Recently, computer science professor Rafail Ostrovsky has been involved in developing technologies which play an integral role in a new piece of legislation aiming to help students make more informed decisions on where they go to college. The new bipartisan bill in the U.S. Senate, titled the “Student Right to Know Before You Go Act”, was introduced late last year by Senators Ron Wyden, Mark Warner, and Marco Rubio with the goal of empowering students and their families by requiring universities to publicly provide information on graduation rates, costs, debts, as well as expected salaries of graduates based on their field of study.

“Deciding where to go to college shouldn’t be based on guesswork,” Senator Wyden said during a press release. “The Know Before You Go Act puts the power back in students’ and families’ hands by giving them the opportunity to make the best possible choices for themselves about where to spend their hard-earned dollars. Our updated, bipartisan bill empowers students and families without forcing tradeoffs that sacrifice individual privacy or data security.”
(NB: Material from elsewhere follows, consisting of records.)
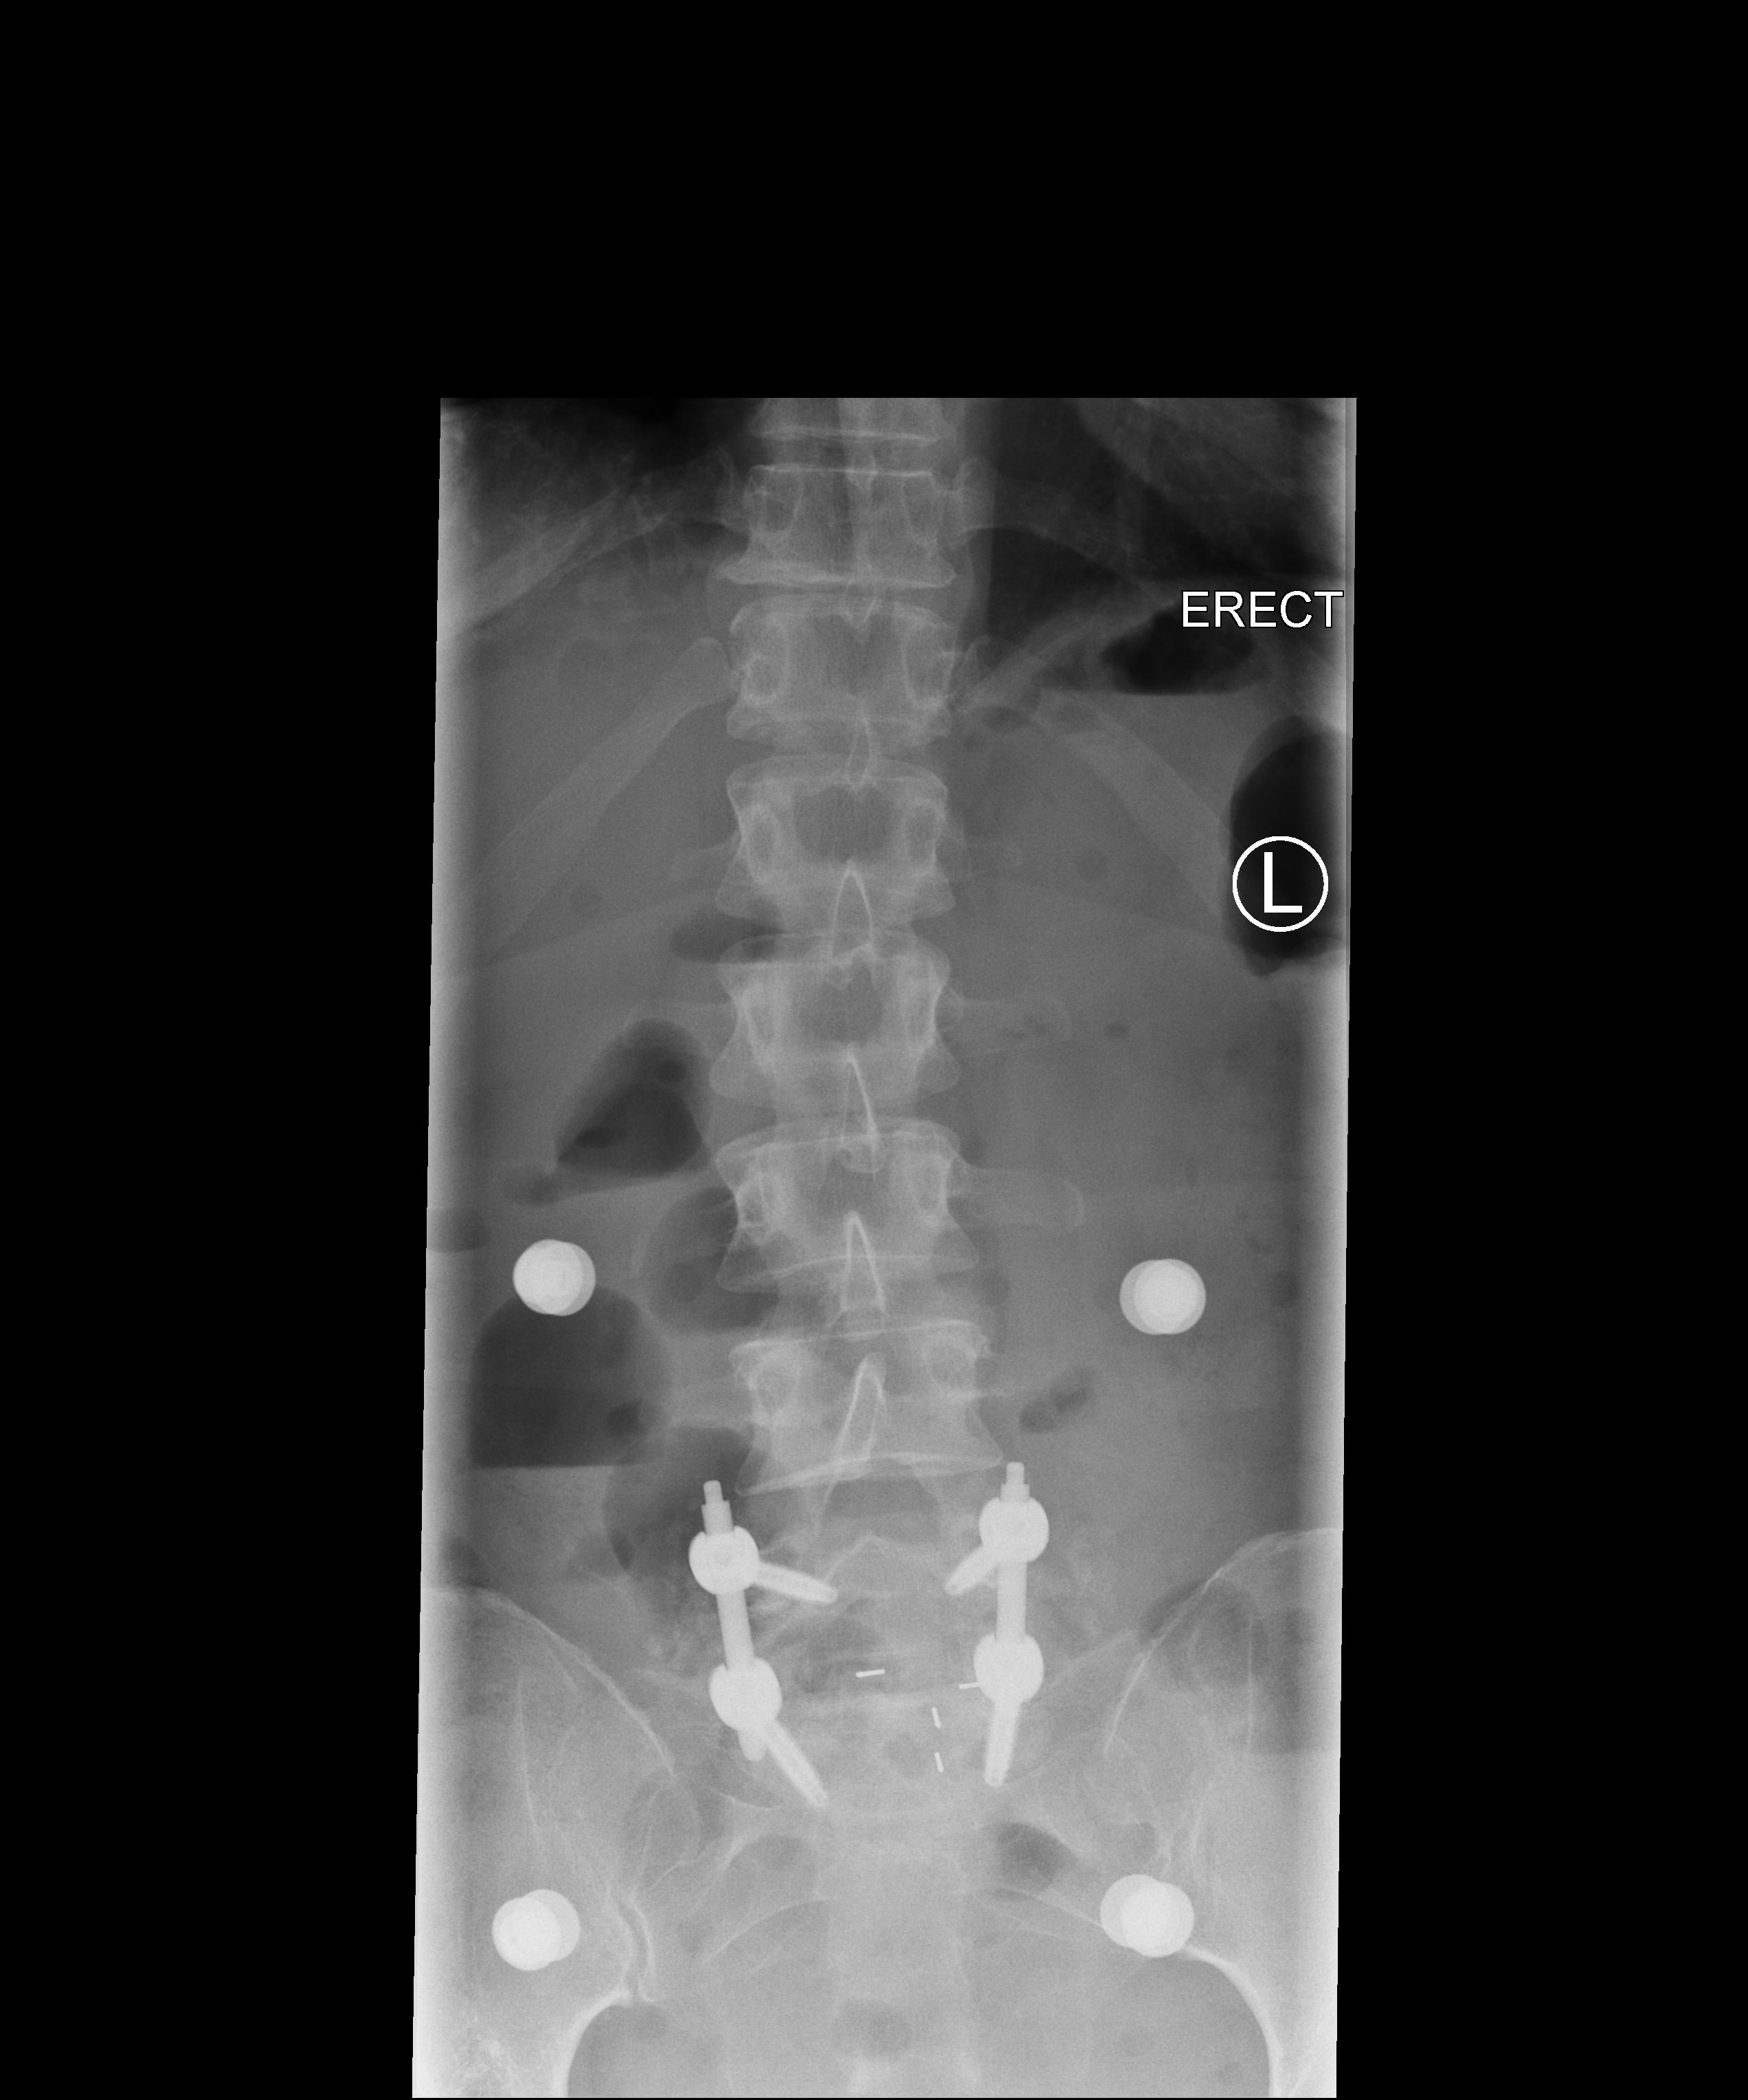
View: AP
Implant manufacturer: Depuy expedium (Synthes)
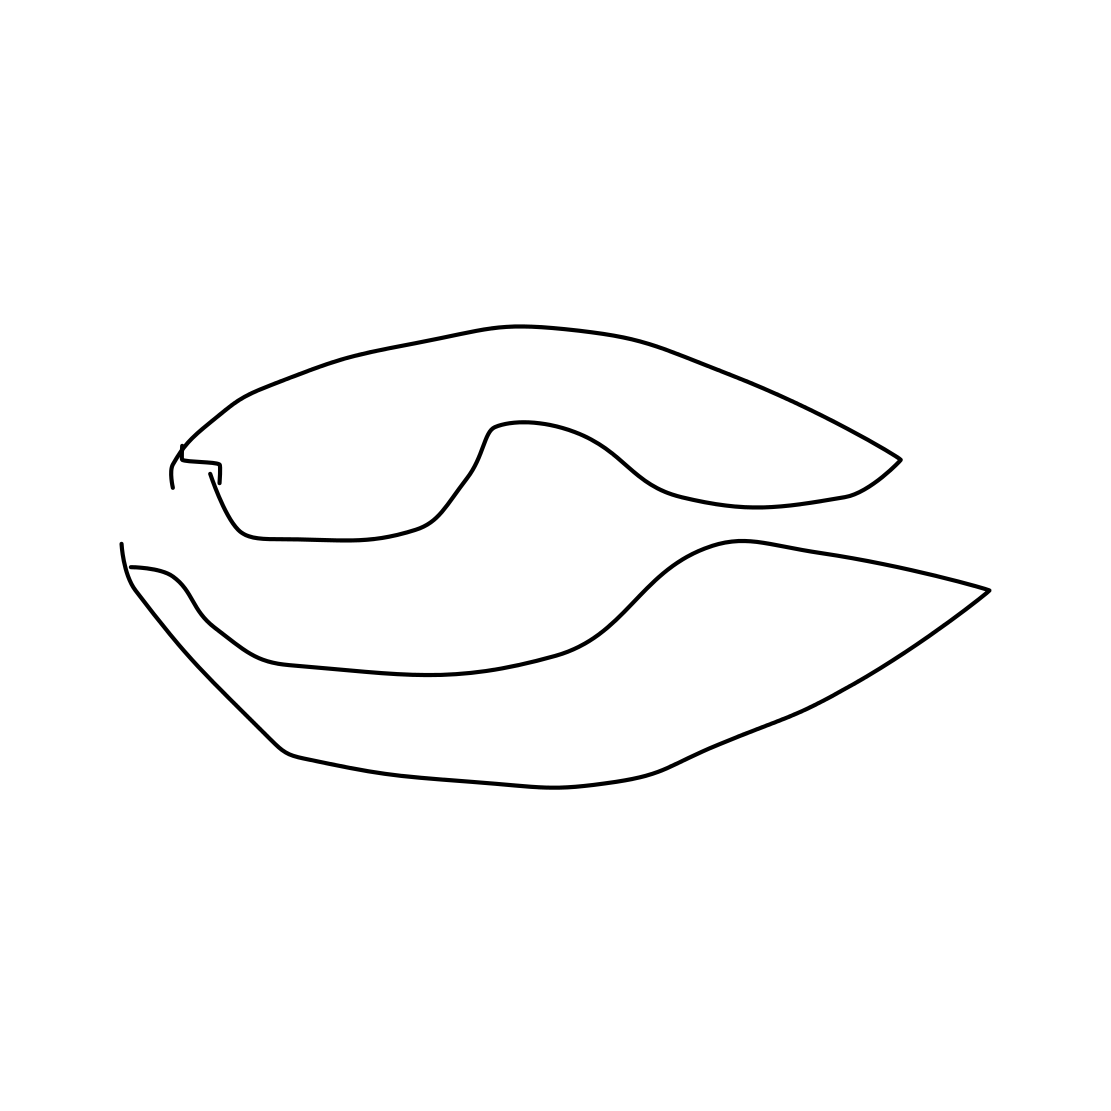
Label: mouth
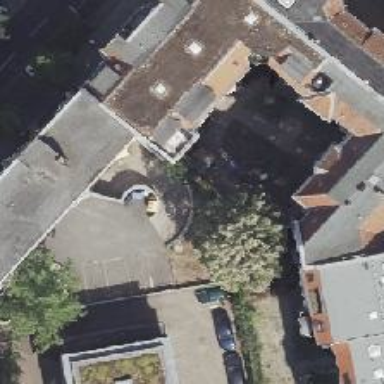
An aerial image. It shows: Building consisting of apartments with double saltbox roof shape.
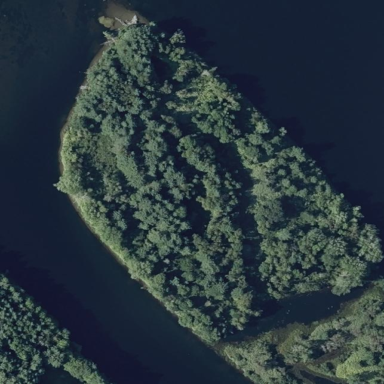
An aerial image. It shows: Islet.
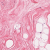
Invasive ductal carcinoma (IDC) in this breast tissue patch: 0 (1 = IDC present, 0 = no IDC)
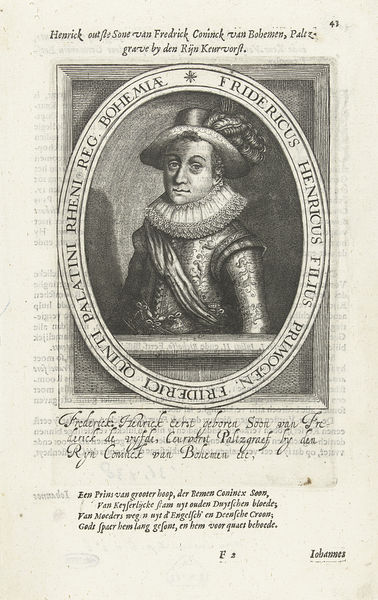
Titel: Portret van Frederik Hendrik, kroonprins van Bohemen
Künstler: Nicolaes de Clerck
Standort: Amsterdam
Institution: Rijksmuseum
Schlagwörter: hat, white, black, collar, face, gray, grey, nose, painting, portrait, sleeve, table, print, feather, man, head, german, eyes, male, noble, frame, oval, shadow, chin, coat, mouth, etching, french, writing, person, human, cheeks, square, circle, book, forehead, page, round, latin, text, words, poet, nobility, ruffle, enlightenment, numbers, brows, number, word, information, reg, fridericus, henrick, henricus, rheni, bohemiae, bohemia, palatini, quinti, bohem, filius, promogen
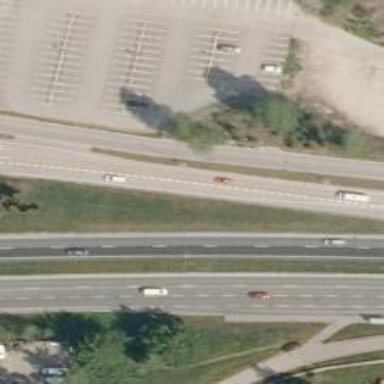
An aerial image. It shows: Trunk link highway with asphalt surface.
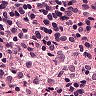
Metastatic tissue present: no
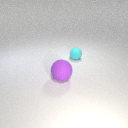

Naturally, providing such information requires the handling of highly private data, so Ostrovsky – who specializes in applications of cryptography – alongside a UCLA startup run by his former students, Stealth Software Technologies, Inc., has been heavily involved in the security technologies mentioned in the bill. More specifically, the technologies being developed aim to analyze and process highly sensitive data without ever decrypting it, in order to ensure privacy of student data. At the same time, because the technologies will securely handle this highly personal data, institutions will be able to provide information that is more specific and more accurate than ever before.

“The idea is basically to enable students to estimate how much more they will be getting (as income) if they get a certain degree at a certain college. This requires comparisons of data from previous students who went to these colleges and their salary history against other people with similar characteristics who did not get such a degree,” Ostrovsky explained. “Obtaining such data is an incredibly sensitive issue: one must compare IRS data with student records, and of course, IRS data cannot be disclosed outside the IRS. This is where cryptography comes to the rescue…these technologies [will allow us] to compute on highly sensitive and personally identifiable information, without sacrificing privacy.”

With the help of these proposed technologies, students will soon be able to more accurately gauge whether going to a certain university is financially worth the costs, as well as which colleges might offer better opportunities for a particular field of study. Publicly offering such information will hopefully act as a step towards curbing student debt, as well as making what college or major to pursue a less stressful decision.

Ostrovsky continued to express his excitement for the project, not only because of its potential to help students and their families make more informed decisions about where their money goes, but also because of its countless applications towards other problems. “If this [project] becomes successful, other studies that are currently impossible may also become possible, such as correlating people’s habits to health records to advise the consumer on what habits lead to better health outcomes,” Ostrovsky said. “This again requires comparing datasets that typically cannot be shared, but thanks to recent advances in cryptography, computations using this data can be made with realistic performance parameters and without compromising individual privacy.”

In the long run, Ostrovsky hopes the technologies that he and his students and postdocs are developing for this bill will be able to be generalized over an even wider variety of contexts – healthcare, online shopping, etc. – in order to optimize consumer experiences and better inform the public while still preserving personal anonymity.